Für eine weitere Bundesförderung des Programms für zwei Jahre, ehe dann die Länder die Zuständigkeit übernehmen, plädiert Wenke Stadach, Leiterin einer Sprach-Kita in Neubrandenburg (Mecklenburg-Vorpommern). Ihre öffentliche Petition wurde von 277.882 Personen mitgezeichnet. Durch das Programm seien in vielen Kitas Strukturen und Kompetenzen geschaffen worden, damit Kinder bei ihrem Spracherwerb unterstützt und praktische Inklusionsarbeit ermöglicht wird. Konkret bedeute dies, „dass wir für Kinder und Familien, die es nicht so einfach haben, ein Angebot schaffen, das nicht nur zur Chancengleichheit beiträgt, sondern gerade denjenigen hilft, die diese Hilfe besonders benötigen“, schreibt die Petentin in der Eingabe.

Vor den Abgeordneten erläuterte sie, als Kita-Leiterin erst Mitte des Jahres vom Auslaufen des Programms informiert worden zu sein. Diese Entscheidung habe für Wut und Frust sowie Verunsicherung bei vielen Kollegen gesorgt. „Einige von ihnen haben sich aufgrund der Unsicherheit neue Jobs gesucht“, sagte Wenke Stadach. Der Schaden sei also jetzt schon entstanden und werde mit jedem weiteren Tag, der ohne klare Zukunft für die Sprach-Kitas vergehe, größer. Für eine weitere Bundesförderung plädiere sie auch im Interesse einer bundesweiten Chancengleichheit, sagte Stadach. Künftig sei zu befürchten, dass einzelne Bundesländer die Sprachförderung unterstützen, andere aber nicht.

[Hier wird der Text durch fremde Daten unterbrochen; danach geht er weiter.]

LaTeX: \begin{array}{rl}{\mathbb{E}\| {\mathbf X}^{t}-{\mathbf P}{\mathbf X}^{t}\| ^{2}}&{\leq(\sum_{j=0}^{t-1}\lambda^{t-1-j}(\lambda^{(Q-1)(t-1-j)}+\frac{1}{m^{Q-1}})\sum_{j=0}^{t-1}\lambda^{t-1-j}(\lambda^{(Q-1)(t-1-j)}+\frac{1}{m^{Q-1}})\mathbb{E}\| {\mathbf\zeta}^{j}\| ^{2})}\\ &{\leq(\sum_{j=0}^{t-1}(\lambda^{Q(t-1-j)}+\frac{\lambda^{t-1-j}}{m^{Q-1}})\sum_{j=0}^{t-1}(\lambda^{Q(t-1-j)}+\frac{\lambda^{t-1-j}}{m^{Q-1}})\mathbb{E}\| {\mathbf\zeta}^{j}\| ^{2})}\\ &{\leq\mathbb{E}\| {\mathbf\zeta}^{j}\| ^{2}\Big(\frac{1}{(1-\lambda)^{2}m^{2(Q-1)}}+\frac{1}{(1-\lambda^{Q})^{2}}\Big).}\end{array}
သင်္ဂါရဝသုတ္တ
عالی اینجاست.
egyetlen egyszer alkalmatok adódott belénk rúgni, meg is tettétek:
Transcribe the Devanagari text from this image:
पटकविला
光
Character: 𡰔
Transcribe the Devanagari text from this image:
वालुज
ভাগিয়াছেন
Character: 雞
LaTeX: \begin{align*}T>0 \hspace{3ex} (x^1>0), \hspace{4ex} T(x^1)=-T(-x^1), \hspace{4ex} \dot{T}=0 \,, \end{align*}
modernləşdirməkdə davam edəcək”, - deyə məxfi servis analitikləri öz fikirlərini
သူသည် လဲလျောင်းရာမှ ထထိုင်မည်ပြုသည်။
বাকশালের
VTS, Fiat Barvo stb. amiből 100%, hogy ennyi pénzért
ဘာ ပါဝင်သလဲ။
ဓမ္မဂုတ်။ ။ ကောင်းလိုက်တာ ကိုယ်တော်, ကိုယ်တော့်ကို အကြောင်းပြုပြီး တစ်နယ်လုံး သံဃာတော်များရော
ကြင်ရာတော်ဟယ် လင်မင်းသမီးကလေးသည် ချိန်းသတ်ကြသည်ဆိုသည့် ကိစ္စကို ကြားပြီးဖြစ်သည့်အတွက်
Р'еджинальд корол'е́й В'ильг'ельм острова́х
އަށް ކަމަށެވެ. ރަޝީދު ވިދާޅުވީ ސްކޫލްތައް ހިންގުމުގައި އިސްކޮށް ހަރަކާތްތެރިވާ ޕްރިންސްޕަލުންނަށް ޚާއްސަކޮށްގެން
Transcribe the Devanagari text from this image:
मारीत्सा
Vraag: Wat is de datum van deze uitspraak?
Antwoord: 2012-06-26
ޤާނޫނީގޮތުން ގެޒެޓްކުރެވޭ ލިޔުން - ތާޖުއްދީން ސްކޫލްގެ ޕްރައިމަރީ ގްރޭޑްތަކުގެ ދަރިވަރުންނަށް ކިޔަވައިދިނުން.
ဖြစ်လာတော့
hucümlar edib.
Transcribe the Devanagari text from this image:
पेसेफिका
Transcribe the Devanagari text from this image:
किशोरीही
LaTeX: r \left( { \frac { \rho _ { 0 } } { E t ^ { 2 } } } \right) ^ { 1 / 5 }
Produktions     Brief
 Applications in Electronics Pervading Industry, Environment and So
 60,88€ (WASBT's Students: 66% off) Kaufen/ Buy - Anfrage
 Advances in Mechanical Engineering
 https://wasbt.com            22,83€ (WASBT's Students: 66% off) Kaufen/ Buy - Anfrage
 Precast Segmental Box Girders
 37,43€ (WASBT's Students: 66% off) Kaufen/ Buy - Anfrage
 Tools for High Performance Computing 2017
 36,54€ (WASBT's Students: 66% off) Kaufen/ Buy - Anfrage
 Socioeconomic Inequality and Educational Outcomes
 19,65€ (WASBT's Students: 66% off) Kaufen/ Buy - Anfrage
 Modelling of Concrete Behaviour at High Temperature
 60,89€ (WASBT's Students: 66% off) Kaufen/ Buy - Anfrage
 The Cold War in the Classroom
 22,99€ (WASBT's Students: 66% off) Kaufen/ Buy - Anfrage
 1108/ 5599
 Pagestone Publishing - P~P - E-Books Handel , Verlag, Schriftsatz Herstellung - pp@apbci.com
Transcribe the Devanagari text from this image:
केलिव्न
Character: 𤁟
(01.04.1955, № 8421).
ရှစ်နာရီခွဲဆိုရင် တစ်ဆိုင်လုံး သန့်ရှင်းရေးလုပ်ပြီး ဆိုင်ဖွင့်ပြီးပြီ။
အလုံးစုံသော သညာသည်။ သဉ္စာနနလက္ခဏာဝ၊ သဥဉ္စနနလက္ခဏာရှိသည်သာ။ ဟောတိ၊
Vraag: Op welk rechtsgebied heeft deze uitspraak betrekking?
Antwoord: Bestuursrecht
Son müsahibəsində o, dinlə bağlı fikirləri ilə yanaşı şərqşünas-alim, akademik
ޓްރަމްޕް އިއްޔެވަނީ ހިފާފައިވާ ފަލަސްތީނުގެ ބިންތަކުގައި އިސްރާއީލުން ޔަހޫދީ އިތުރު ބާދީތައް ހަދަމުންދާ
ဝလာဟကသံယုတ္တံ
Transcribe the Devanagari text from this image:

Die Projektleiterin der Evaluation des Bundesprogramms „Sprach-Kitas“, Professor Yvonne Anders von der Universität Bamberg, verwies auf Studien, wonach ein großer Anteil der Kinder in den Grundschulen nicht die für eine weitere Bildungskarriere erforderlichen sprachlichen Kompetenzen erwirbt. 50 bis 80 Prozent der in der Grundschule zu beobachtenden sprachlichen Unterschiede seien auf den vorschulischen Bereich zurückzuführen, sagte Anders, die die Petentin begleitete. „Wir konnten in der Evaluation mehrfach zeigen, dass das, was in den Sprach-Kitas seit Jahren tagtäglich passiert, nachweislich die sprachpädagogische Prozessqualität steigert“, betonte sie. Jedes vierte Kind, so die Erziehungswissenschaftlerin, habe derzeit einen Sprachförderbedarf. „Aus wissenschaftlicher Sicht wäre es geboten, eine Lösung zu finden, die die über viele Jahre evidenzbasiert geschaffenen Strukturen nicht zerstört.“

Die Familien-Staatssekretärin sicherte zu, dass es von Seiten des Ministeriums eine ganz große Bereitschaft dazu gebe, die geschaffenen Servicestellen zu erhalten und den nötigen Übergang des Programms gemeinsam mit den Bundesländern zu gestalten. Bereits im April sei das Ministerium dazu mit den Ländern in die Gespräche gegangen und habe mehrere Möglichkeiten aufgezeigt, wie ein solcher Übergang gestaltet werden könne. „Wir machen Druck auf alle Seiten, damit wir zu einem Konsens kommen“, betonte sie. Noch sei dieser aber nicht erreicht.

Die Petentin forderte eine schnelle Lösung. Am besten sei ein zweijähriger Übergang, so dass alles „ohne Wenn und Aber“ geklärt werden könne. Auf keinen Fall dürften die Sprach-Kitas aber bei dem politischen Hin- und Her-Geschiebe am Ende ganz hinten runterfallen, so Stadach. „Bis Ende Oktober sollten wir wissen, wie es weitergeht, um für das kommende Jahr planen zu können“, sagte die Kita-Leiterin.